Exercise requirements: Omit every picture, then give all the entries again exactly.

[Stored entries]
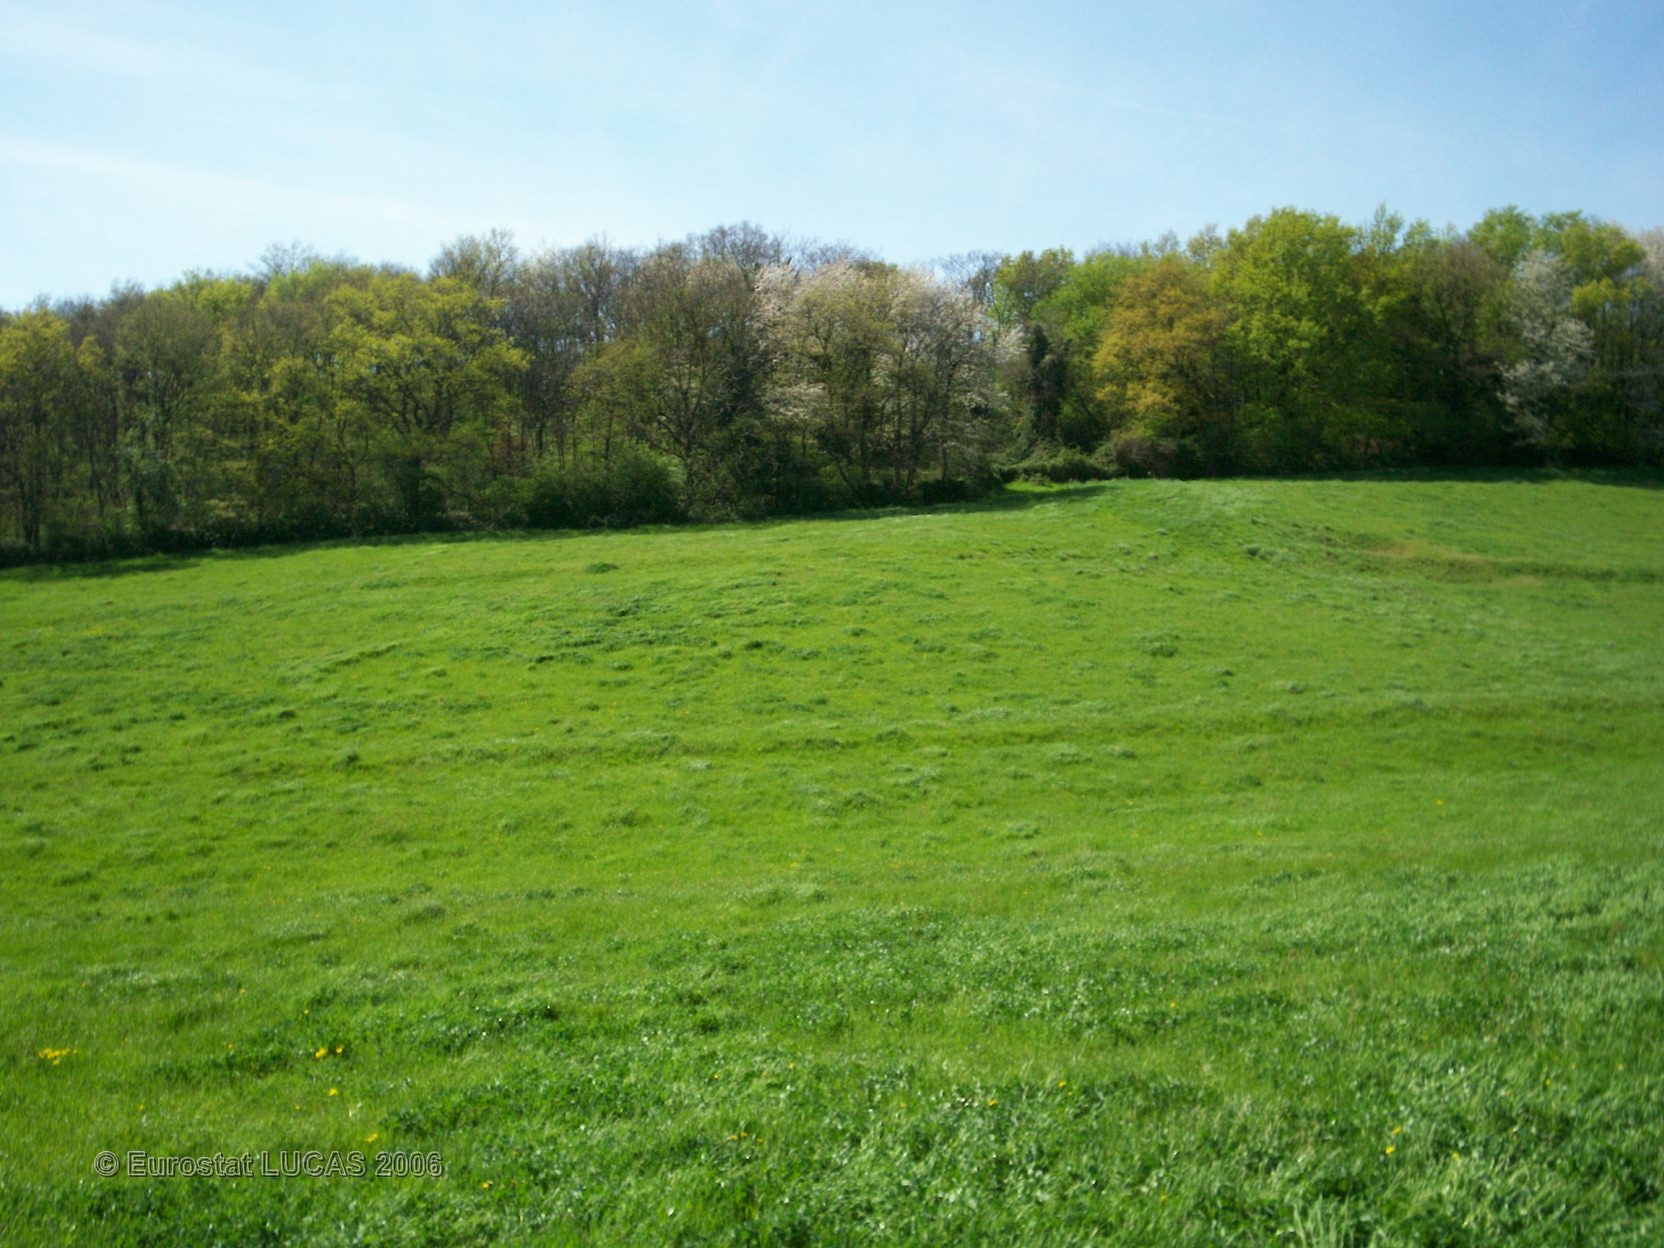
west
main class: Grassland
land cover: Grassland without tree/shrub cover
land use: Agriculture (excluding fallow land and kitchen gardens)
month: April
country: FR
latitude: 45.5936
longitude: 4.8123

Result for this exercise:
west
main class: Grassland
land cover: Grassland without tree/shrub cover
land use: Agriculture (excluding fallow land and kitchen gardens)
month: April
country: FR
latitude: 45.5936
longitude: 4.8123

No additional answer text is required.